Angelina Grimke gets married and a new activist takes over. Angelina Grimke married Theodore Weld and retired from public life, along with her sister Sarah, to start a family. This action caused different reactions, one of which is voiced by Elizabeth Cady Stanton of Lucretia Mott (both Stanton and Mott are women’s rights activists) saying, “you have both been in a state of retiracy long enough, & that it is not right for you to be still, longer, that you should either write for the public or speak out for oppressed women (170).” These two women start to take a more secular role of arguments into the forefront of this cause than did the Grimkes. Elizabeth Cady Stanton was involved in the planning of the first women’s rights convention in Seneca Falls in 1848 and needed something to use as proof for women to have rights. The Grimke’s had been basing all their arguments, as did the opposition, on religious grounds. In planning the Seneca Falls event Stanton used the Declaration of 1776 and adopted it to replace “King George” for “all men”. This was in support of the shifting of the opposition to secular means, since they were losing their ground on religious arguments. The women had to counter the secular arguments by adopting their own, and this was the ebbing of Christianity in the debate; it still existed of course, but increasingly it became a legal discussion (172).

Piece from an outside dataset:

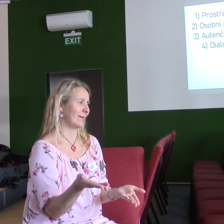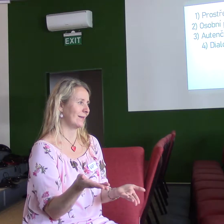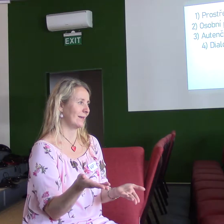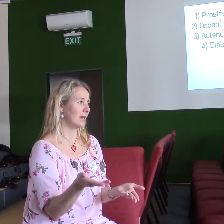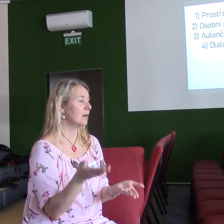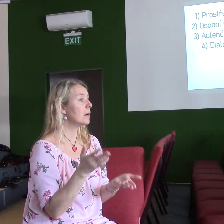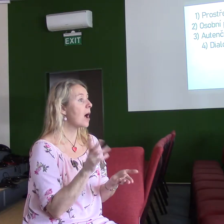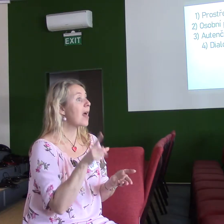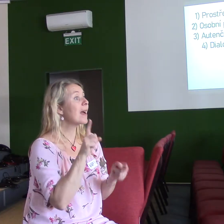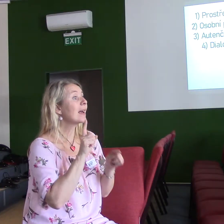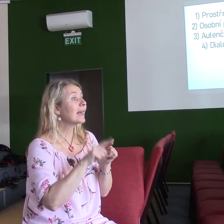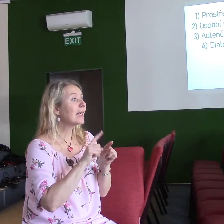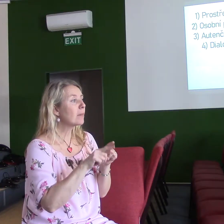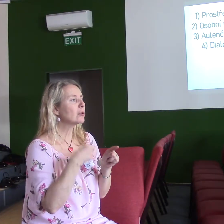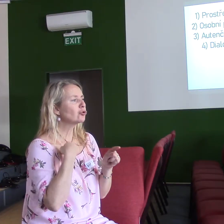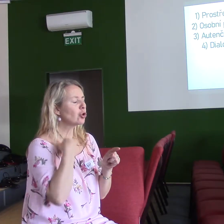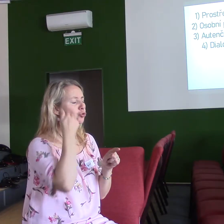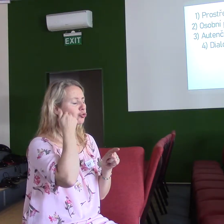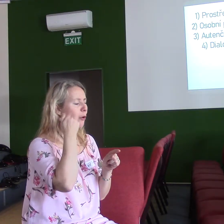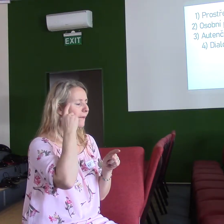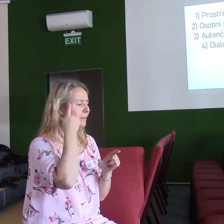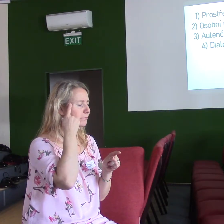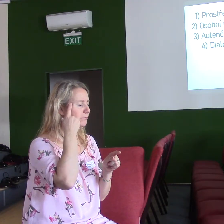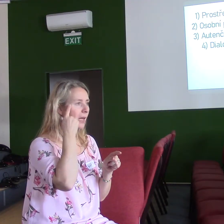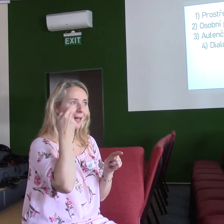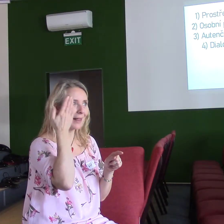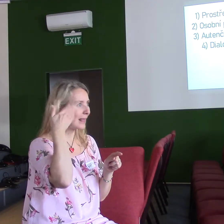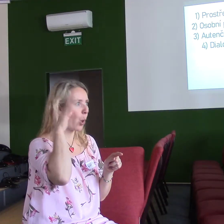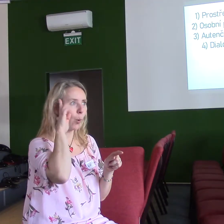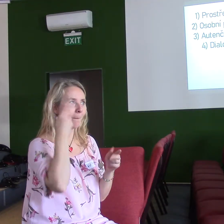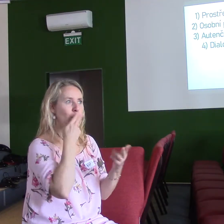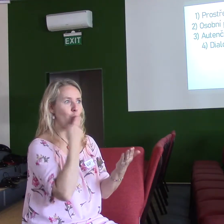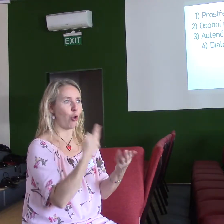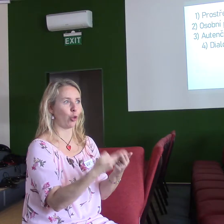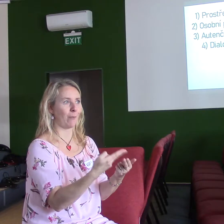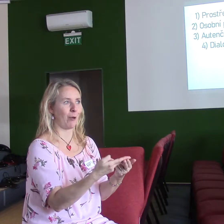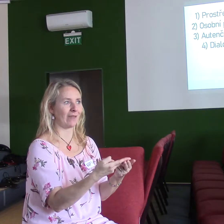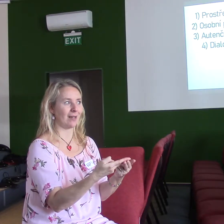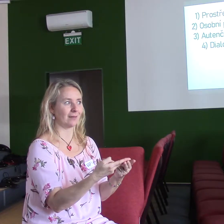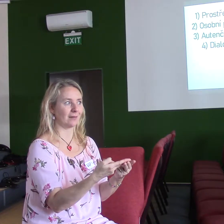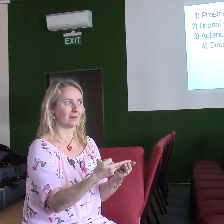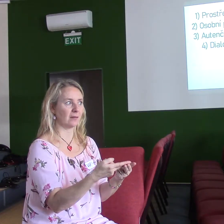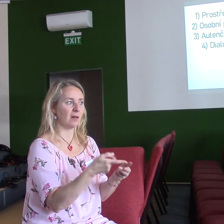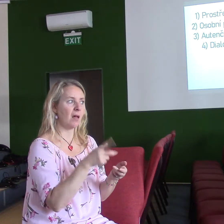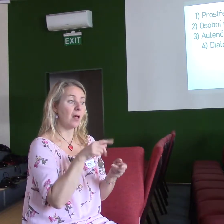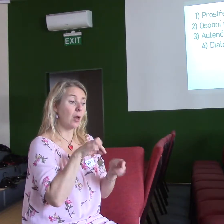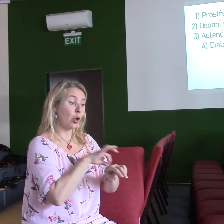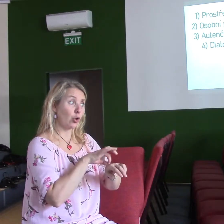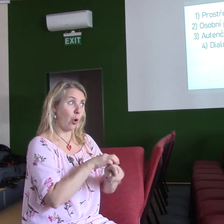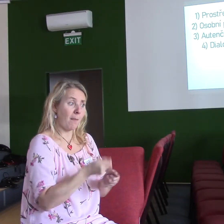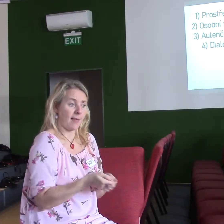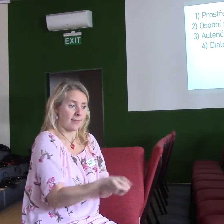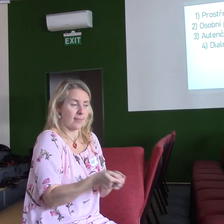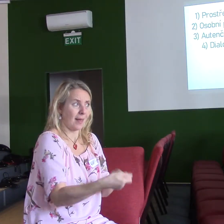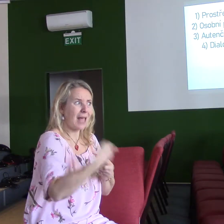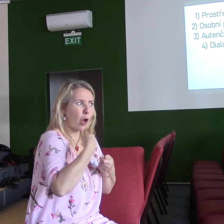chybí rozumová i jiná kritéria pro zásadní rozhodnutí. Jinýma slovama, dnešní doba tlačí na to, aby každý člověk si udělal svoje rozhodnutí.

The abolitionists started a movement that stated all men are equal at a time when women were getting more and more involved in politics in America. The arguments used in the fight against holding slaves in bondage struck home with the women trying to free them, especially when they were attacked for speaking. Angelina asked the question, “When will we be ‘delivered from the bondage of corruption into the glorious liberty of the sons of God’ (133)?” She argued that Christians must adhere to the word of God and support equality. Clergy responded with their own Christian ideals and stated that women had no right to enter the public arena, but the Grimke’s popularity only grew. Christianity was holding up on the side of equality, it turns out, so the anti-women’s rights supporters turned to the secular arguments (just like the Indian removal supporters). This spawned the new women’s activist, after the retirement of the Grimke’s, which used the legal rhetoric against the opposition and continued the fight, connecting the separate spheres of religion and legality while also invading the ‘separate spheres’ of the sexes.


 

Bibliography

 

Sklar, Kathryn Kish. Women’s Rights Emerges within the Antislavery Movement 1830- 

1870: A Brief History with Documents. 1st ed. Boston: Bedford / St. Martin's, 2000.